Data entries:
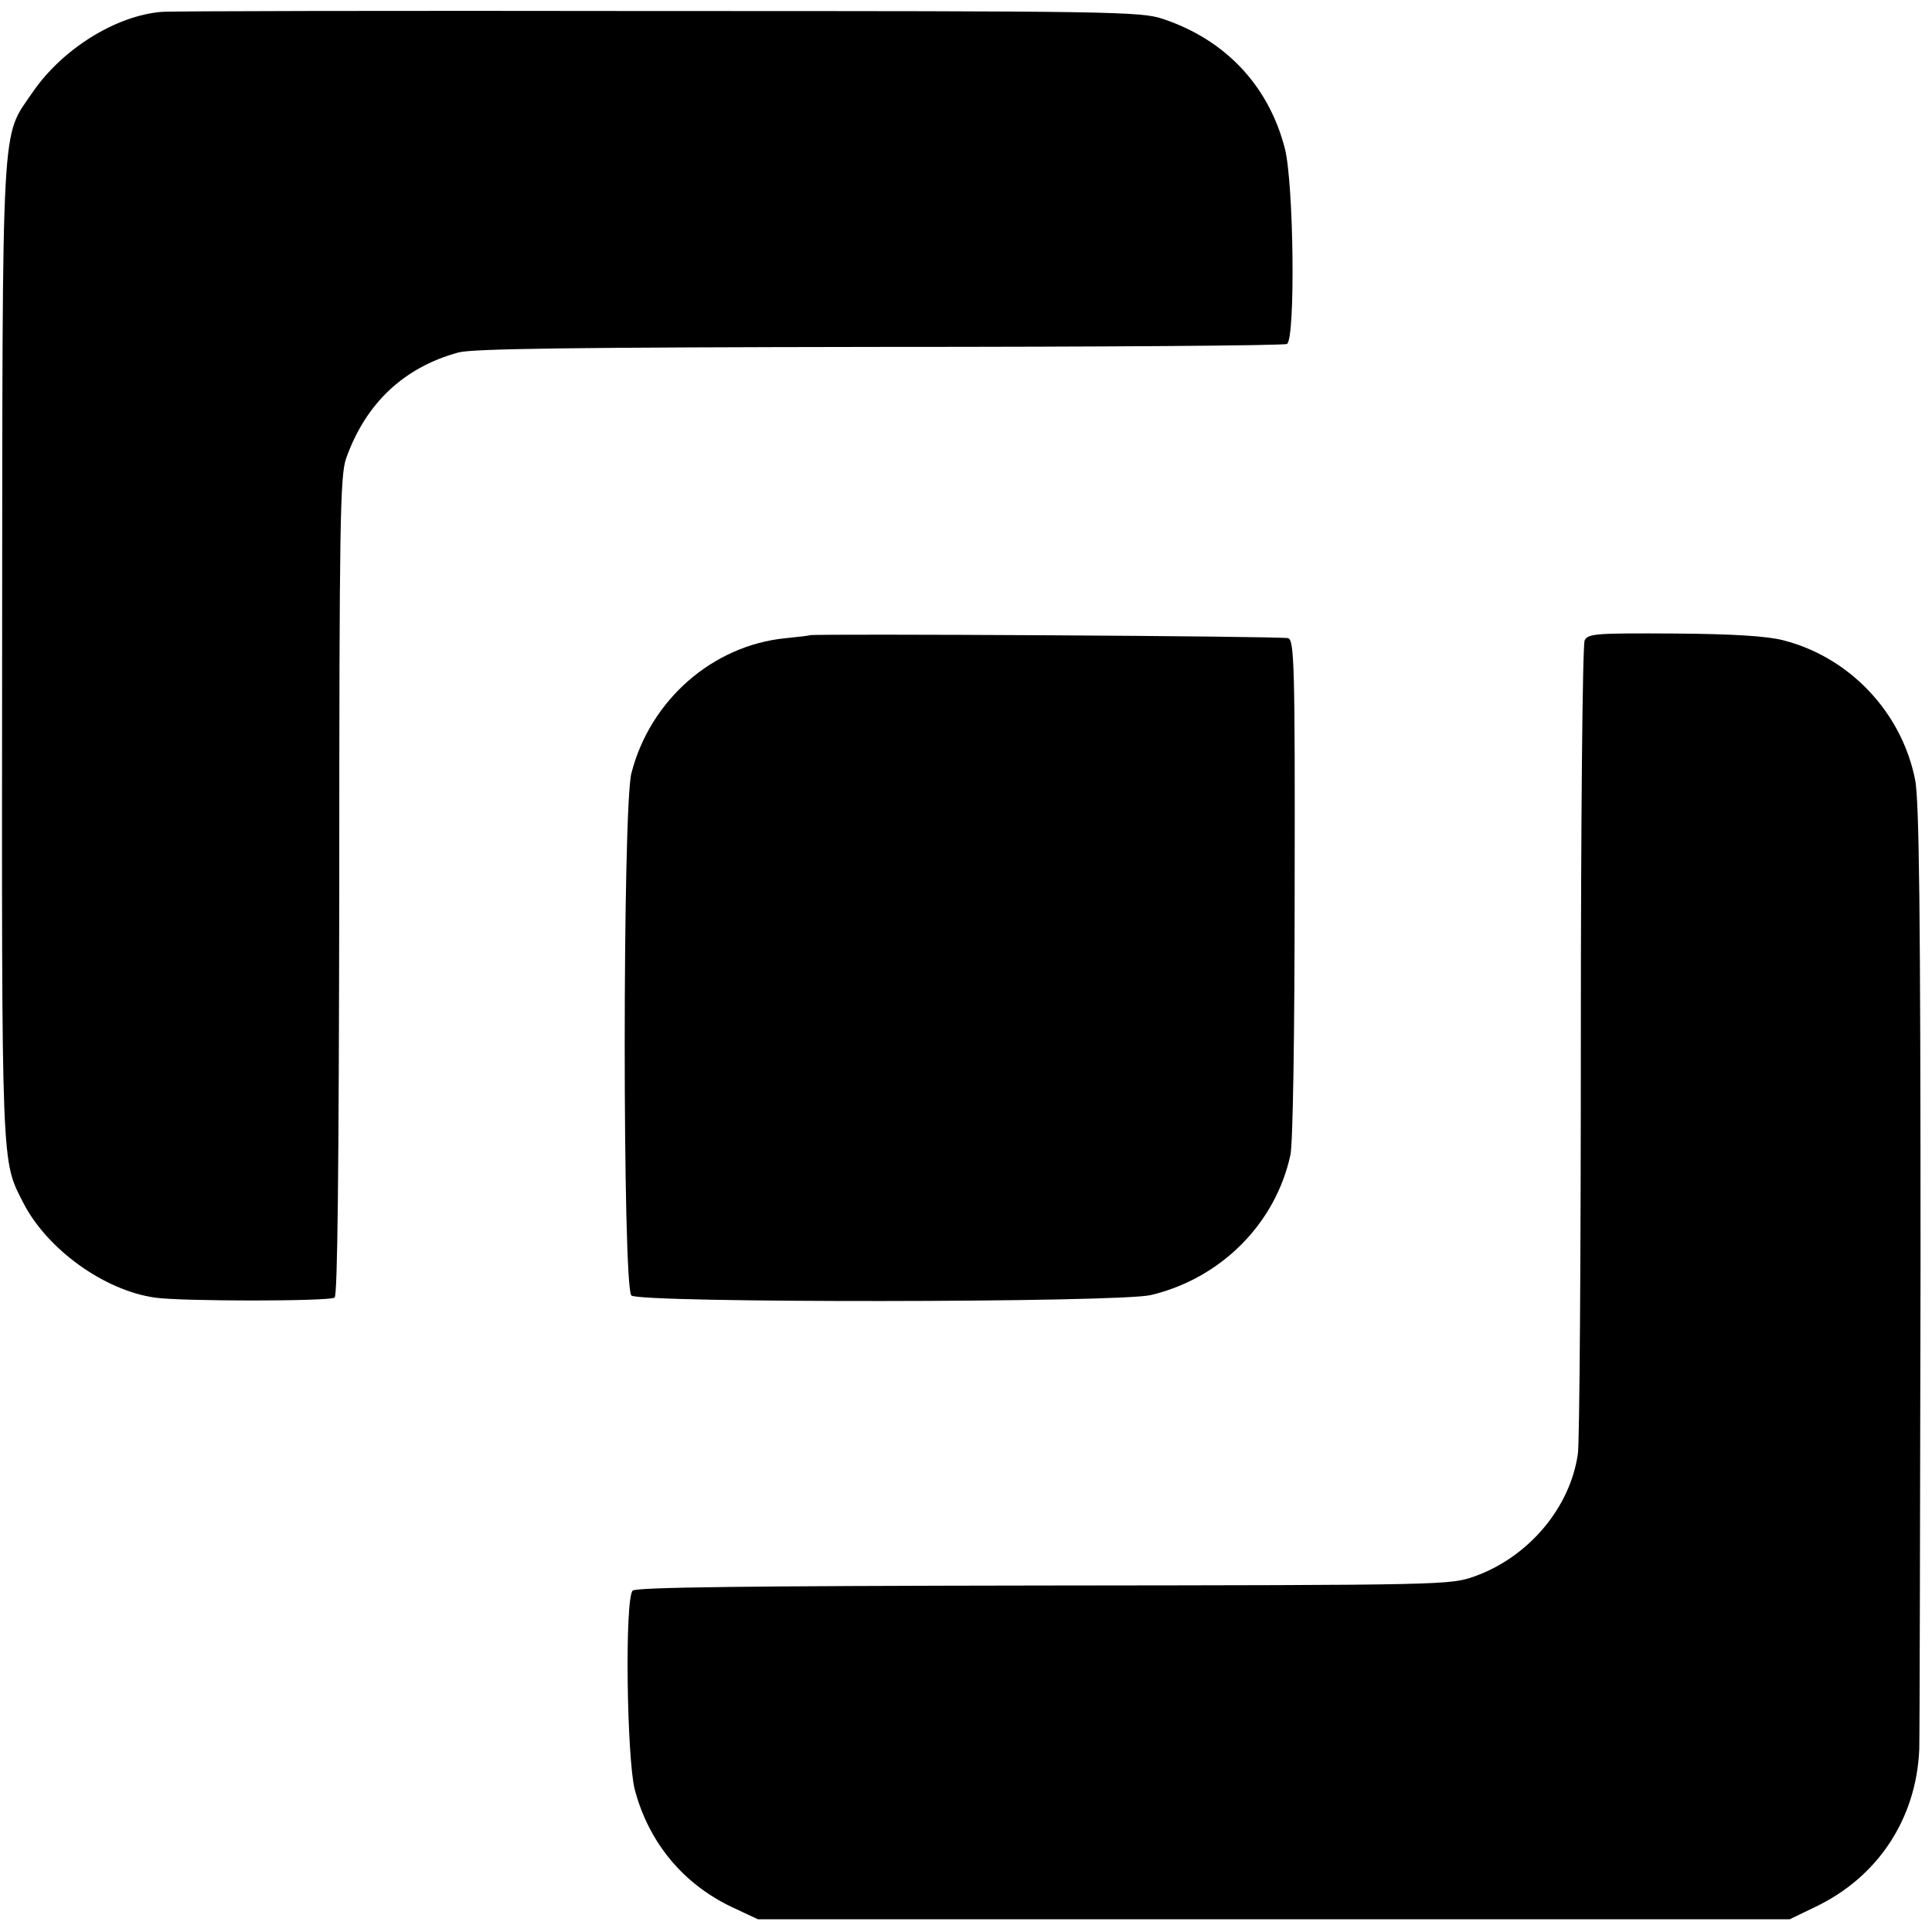 <?xml version="1.0" standalone="no"?>
<!DOCTYPE svg PUBLIC "-//W3C//DTD SVG 20010904//EN"
 "http://www.w3.org/TR/2001/REC-SVG-20010904/DTD/svg10.dtd">
<svg version="1.0" xmlns="http://www.w3.org/2000/svg"
 width="455pt" height="455pt" viewBox="0 0 455 455"
 preserveAspectRatio="xMidYMid meet">
<g transform="translate(0,455) scale(0.1,-0.1)"
fill="#000000" stroke="none">
<path d="M380 4522 c-107 -9 -233 -87 -303 -189 -75 -111 -71 -32 -72 -1318
-1 -1232 -2 -1196 50 -1298 56 -109 190 -206 310 -223 62 -9 408 -9 423 0 7 4
10 297 11 969 0 854 2 967 16 1007 46 130 136 215 265 250 34 9 276 12 992 13
520 0 952 3 959 7 20 13 16 377 -5 460 -38 148 -140 256 -286 305 -52 18 -114
19 -1190 19 -624 1 -1151 0 -1170 -2z"/>
<path d="M1907 3054 c-1 -1 -27 -4 -57 -7 -172 -17 -319 -146 -363 -318 -21
-81 -21 -1213 0 -1230 21 -18 1147 -17 1223 1 165 39 294 168 329 330 6 26 10
287 10 628 1 523 -1 583 -15 589 -13 5 -1121 11 -1127 7z"/>
<path d="M3732 3042 c-5 -9 -9 -423 -9 -942 0 -509 -3 -947 -7 -974 -18 -126
-115 -242 -242 -288 -59 -21 -65 -21 -1016 -22 -697 -1 -960 -4 -968 -12 -19
-19 -14 -395 5 -469 33 -124 113 -221 228 -276 l62 -29 1215 0 1215 0 60 29
c147 70 238 207 245 371 1 36 2 551 3 1145 0 821 -3 1094 -13 1140 -32 158
-154 287 -310 327 -38 10 -119 15 -257 16 -183 1 -203 0 -211 -16z"/>
</g>
</svg>

- [TASK DESCRIPTION]: Search the entries for the line holding "287 10 628 1". Return that line and the ones after it through the last, exactly.

- [EXERCISE RESPONSE]:
287 10 628 1 523 -1 583 -15 589 -13 5 -1121 11 -1127 7z"/>
<path d="M3732 3042 c-5 -9 -9 -423 -9 -942 0 -509 -3 -947 -7 -974 -18 -126
-115 -242 -242 -288 -59 -21 -65 -21 -1016 -22 -697 -1 -960 -4 -968 -12 -19
-19 -14 -395 5 -469 33 -124 113 -221 228 -276 l62 -29 1215 0 1215 0 60 29
c147 70 238 207 245 371 1 36 2 551 3 1145 0 821 -3 1094 -13 1140 -32 158
-154 287 -310 327 -38 10 -119 15 -257 16 -183 1 -203 0 -211 -16z"/>
</g>
</svg>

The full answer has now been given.